Action item -> Output, word for word, the line that contains "This frame is 4.4 seconds past image 1." and all lines after it in the records below, omitting pictures.

'''

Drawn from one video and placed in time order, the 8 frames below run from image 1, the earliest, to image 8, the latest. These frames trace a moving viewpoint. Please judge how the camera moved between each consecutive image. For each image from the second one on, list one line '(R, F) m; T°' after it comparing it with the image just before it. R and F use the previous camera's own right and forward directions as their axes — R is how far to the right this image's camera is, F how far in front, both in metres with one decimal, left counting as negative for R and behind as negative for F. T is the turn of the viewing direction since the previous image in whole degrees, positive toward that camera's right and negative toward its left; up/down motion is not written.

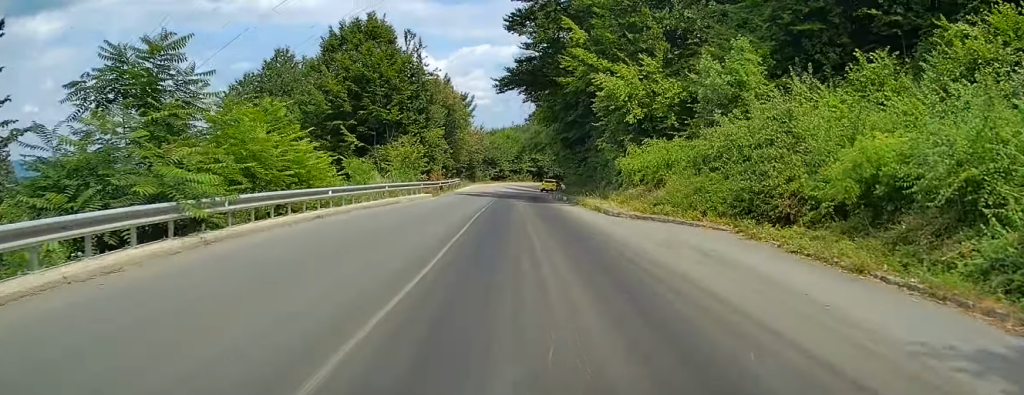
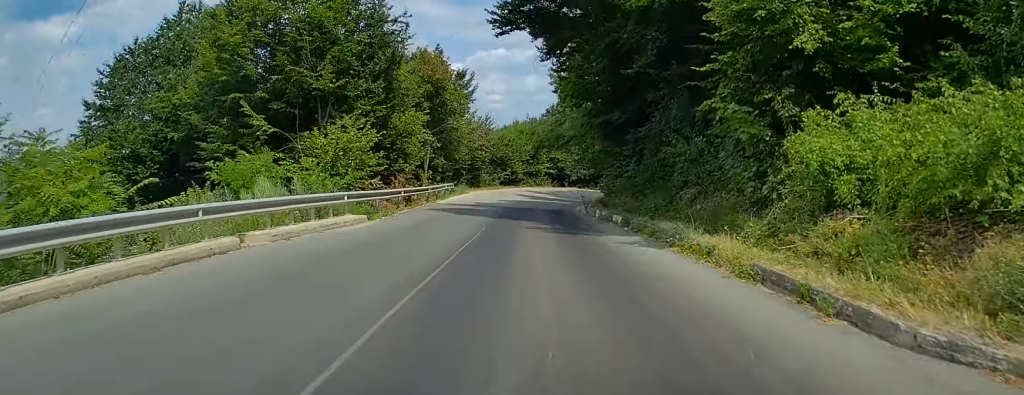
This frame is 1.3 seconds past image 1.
(-0.5, +19.5) m; -3°
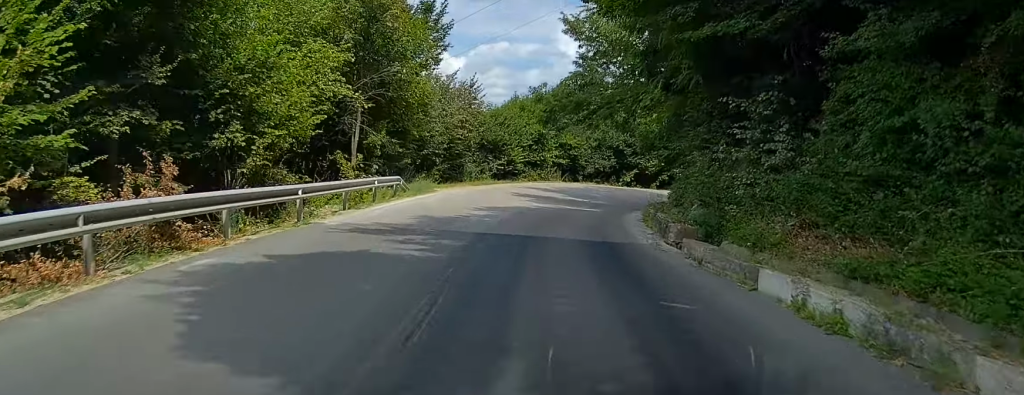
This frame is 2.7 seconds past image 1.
(-0.7, +21.7) m; -2°
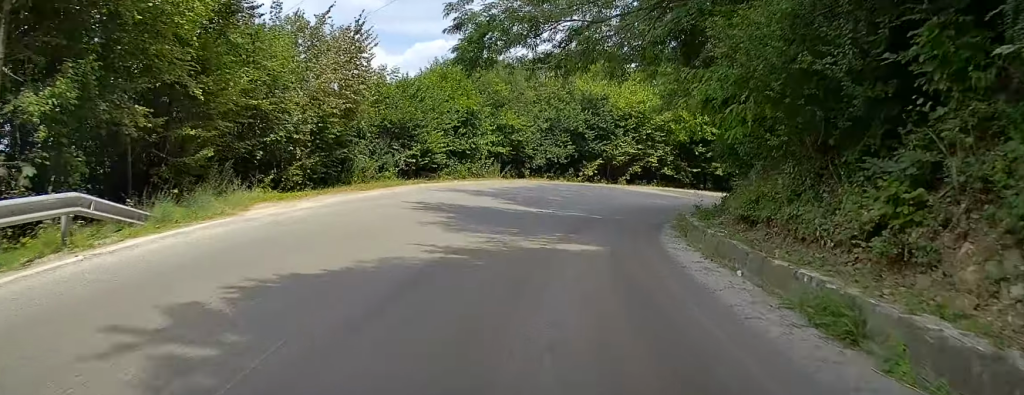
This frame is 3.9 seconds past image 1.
(+0.7, +19.4) m; +13°
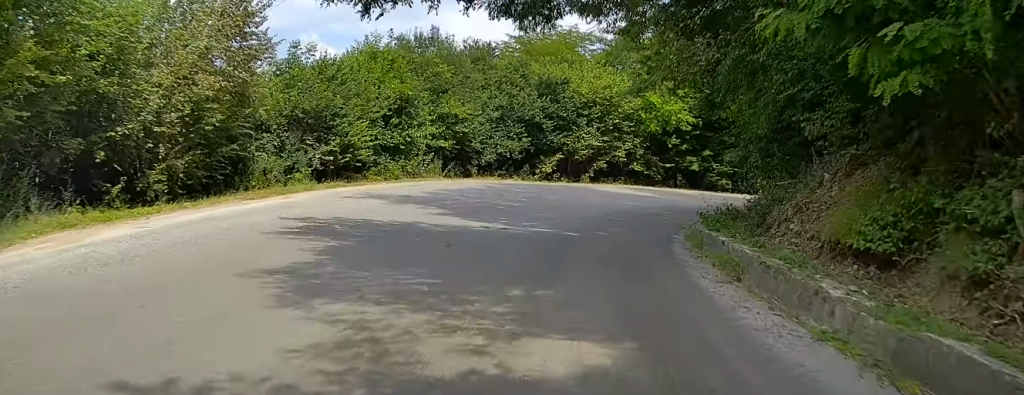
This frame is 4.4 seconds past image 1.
(+1.5, +8.2) m; +5°
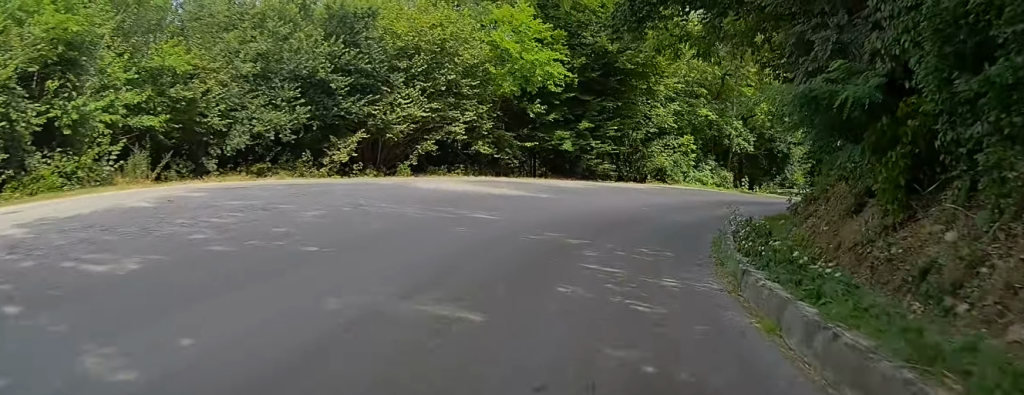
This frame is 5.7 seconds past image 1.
(+1.2, +19.1) m; +8°
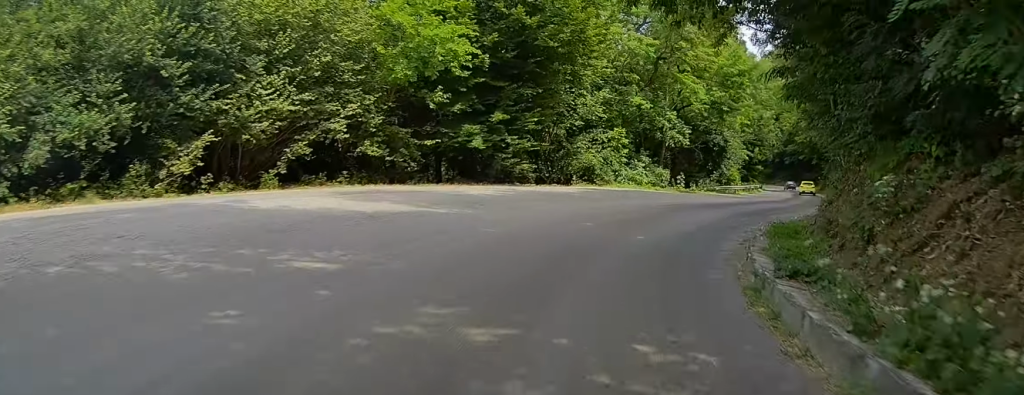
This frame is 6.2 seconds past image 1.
(+0.4, +7.1) m; +5°
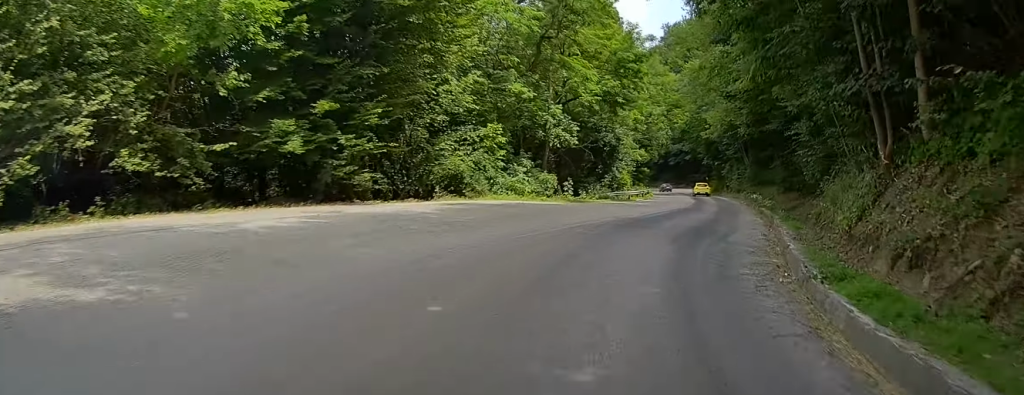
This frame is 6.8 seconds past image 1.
(+0.5, +9.1) m; +8°

'''

Result ->
This frame is 4.4 seconds past image 1.
(+1.5, +8.2) m; +5°
This frame is 5.7 seconds past image 1.
(+1.2, +19.1) m; +8°
This frame is 6.2 seconds past image 1.
(+0.4, +7.1) m; +5°
This frame is 6.8 seconds past image 1.
(+0.5, +9.1) m; +8°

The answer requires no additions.